Should Pitt faculty be more careful about posting copyrighted material and personal data on their home web pages?

That question was discussed at Faculty Assembly last week, as part of a report from the Senate’s computer usage committee.

Committee chair John Close reported that a final draft of updated copyright policies and procedures (Policy 10-04-01, 1989) has been completed by a provost-appointed committee, and will go into effect following approval by Senate Council.

The policy covers copyright ownership issues and responsibilities for individual authors, “but not the use of copyrighted material in the classroom,” Close said. “A separate, CIDDE (Center for Instructional Development and Distance Education) committee is looking into the educational ‘fair use’ policy.”

In a related issue, Close said that officials at Computing Services and Systems Development (CSSD) told his committee about the growing problem of units putting personal faculty and staff data on local servers.

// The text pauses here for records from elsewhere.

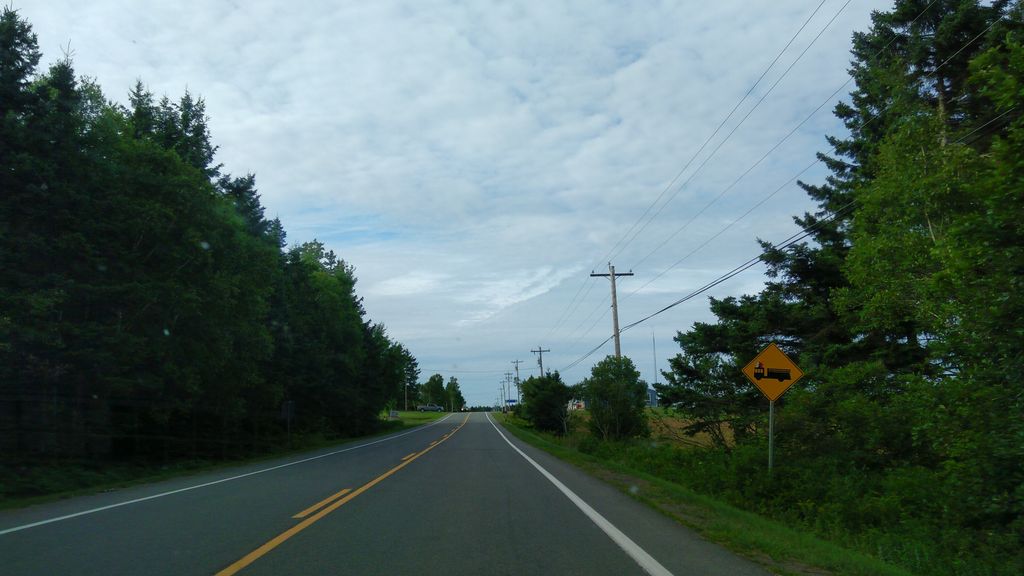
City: charlottetown
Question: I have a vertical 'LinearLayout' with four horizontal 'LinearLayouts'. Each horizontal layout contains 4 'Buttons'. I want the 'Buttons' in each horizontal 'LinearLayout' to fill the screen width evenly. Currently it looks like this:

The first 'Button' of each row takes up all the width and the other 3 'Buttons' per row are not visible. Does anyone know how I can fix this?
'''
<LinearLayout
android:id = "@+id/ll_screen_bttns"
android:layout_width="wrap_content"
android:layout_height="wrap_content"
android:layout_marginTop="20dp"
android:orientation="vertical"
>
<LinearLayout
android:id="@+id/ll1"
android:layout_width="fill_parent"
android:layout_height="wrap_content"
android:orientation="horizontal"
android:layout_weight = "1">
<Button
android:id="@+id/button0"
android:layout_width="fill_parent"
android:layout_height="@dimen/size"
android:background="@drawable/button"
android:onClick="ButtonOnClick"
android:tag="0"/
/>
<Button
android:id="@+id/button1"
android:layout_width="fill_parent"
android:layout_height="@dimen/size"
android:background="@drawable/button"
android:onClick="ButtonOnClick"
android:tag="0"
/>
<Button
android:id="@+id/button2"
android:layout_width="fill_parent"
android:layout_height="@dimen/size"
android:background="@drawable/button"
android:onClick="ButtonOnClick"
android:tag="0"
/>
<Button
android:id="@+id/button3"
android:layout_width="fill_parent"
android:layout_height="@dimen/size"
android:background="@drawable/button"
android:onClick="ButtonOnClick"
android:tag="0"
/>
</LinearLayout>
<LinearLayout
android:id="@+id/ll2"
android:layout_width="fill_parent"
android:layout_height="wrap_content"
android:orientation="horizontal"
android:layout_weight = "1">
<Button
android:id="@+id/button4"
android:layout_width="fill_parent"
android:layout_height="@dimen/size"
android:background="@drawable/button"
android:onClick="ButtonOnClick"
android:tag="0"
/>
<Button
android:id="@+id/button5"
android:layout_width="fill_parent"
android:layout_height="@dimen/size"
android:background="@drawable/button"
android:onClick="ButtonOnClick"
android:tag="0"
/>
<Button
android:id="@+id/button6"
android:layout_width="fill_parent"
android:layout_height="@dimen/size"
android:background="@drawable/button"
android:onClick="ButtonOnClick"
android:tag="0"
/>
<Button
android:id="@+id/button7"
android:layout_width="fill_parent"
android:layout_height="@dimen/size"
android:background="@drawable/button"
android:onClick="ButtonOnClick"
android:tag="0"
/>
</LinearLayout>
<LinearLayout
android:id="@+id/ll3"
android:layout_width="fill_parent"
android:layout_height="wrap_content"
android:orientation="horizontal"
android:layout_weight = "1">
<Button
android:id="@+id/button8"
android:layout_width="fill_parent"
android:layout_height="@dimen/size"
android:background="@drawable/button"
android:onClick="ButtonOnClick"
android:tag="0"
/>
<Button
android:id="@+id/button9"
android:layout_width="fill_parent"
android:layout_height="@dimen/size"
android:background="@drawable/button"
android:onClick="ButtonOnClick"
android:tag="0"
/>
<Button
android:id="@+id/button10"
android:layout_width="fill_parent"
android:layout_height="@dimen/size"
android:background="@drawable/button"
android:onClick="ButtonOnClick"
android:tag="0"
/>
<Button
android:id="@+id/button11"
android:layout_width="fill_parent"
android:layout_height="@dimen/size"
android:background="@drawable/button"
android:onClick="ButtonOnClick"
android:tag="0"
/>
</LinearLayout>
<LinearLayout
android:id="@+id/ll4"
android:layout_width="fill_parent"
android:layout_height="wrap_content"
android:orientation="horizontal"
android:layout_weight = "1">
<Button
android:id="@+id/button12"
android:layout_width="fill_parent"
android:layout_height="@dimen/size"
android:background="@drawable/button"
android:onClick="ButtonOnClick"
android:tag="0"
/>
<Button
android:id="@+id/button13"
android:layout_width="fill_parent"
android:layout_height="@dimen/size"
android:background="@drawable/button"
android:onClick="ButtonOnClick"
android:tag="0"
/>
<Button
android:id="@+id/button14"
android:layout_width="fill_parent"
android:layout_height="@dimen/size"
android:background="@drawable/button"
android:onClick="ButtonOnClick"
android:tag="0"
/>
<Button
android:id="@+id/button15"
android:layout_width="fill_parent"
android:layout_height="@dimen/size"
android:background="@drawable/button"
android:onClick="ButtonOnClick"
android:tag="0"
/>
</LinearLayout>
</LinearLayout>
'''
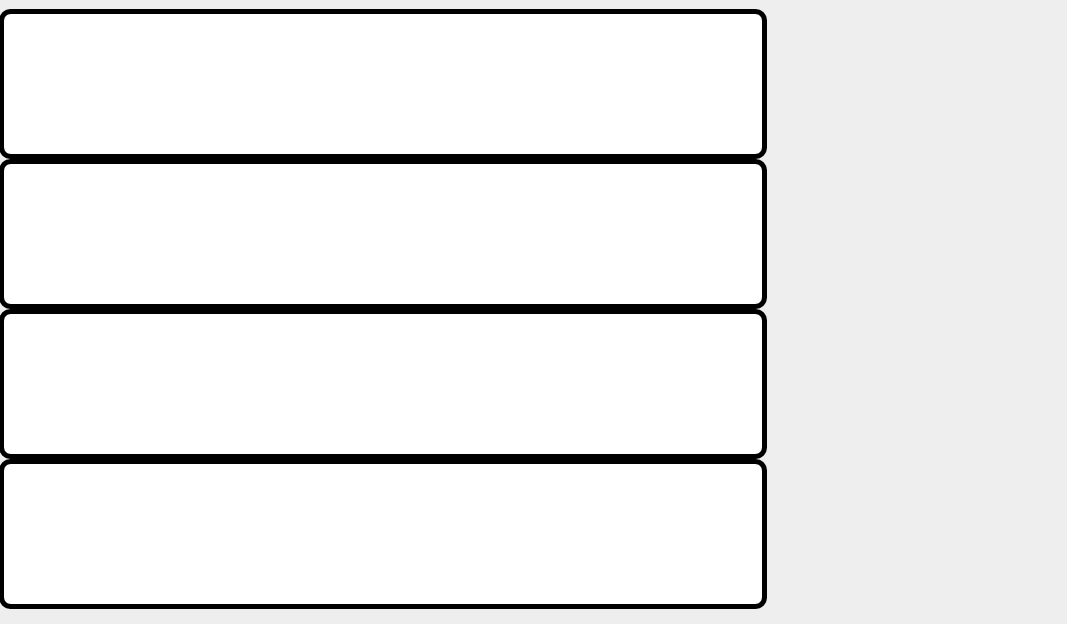
Answer: Abstract XML:
'''
<LinearLayout
xmlns:android="http://schemas.android.com/apk/res/android"
android:layout_width="match_parent"
android:layout_height="wrap_content"
android:orientation="vertical">
<LinearLayout
android:layout_width="match_parent"
android:layout_height="wrap_content"
android:orientation="horizontal">
<Button
android:layout_width="0dp"
android:layout_height="@dimen/size"
android:layout_weight="1" />
<Button
android:layout_width="0dp"
android:layout_height="@dimen/size"
android:layout_weight="1" />
<Button
android:layout_width="0dp"
android:layout_height="@dimen/size"
android:layout_weight="1" />
<Button
android:layout_width="0dp"
android:layout_height="@dimen/size"
android:layout_weight="1" />
</LinearLayout>
.
.
.
</LinearLayout>
'''

“CSSD strongly discourages that because, first of all, it’s vulnerable to hacking,” Close said. “If staff and faculty personal data is being placed on local servers, CSSD at least would like to work with the [department[ IT people to explain their options and give them guidelines.”

Assembly member Lewis Jacobson said that Pitt should consider setting up an intranet system, which would be accessible to Pitt computer account holders only, to enhance security and help prevent copyright abuse.

“I suspect an overwhelming majority of the faculty have no idea that they are putting something out in international cyberspace, that is not simply accessible to people within the University,” Jacobson said. “This raises copyright issues in itself that would not be raised if we had an intranet to which access was restricted to Pitt computer accounts. Furthermore, that would solve some of the security issues that come about by putting things on web servers that effectively are open to indexers” and susceptible to abuse, he added.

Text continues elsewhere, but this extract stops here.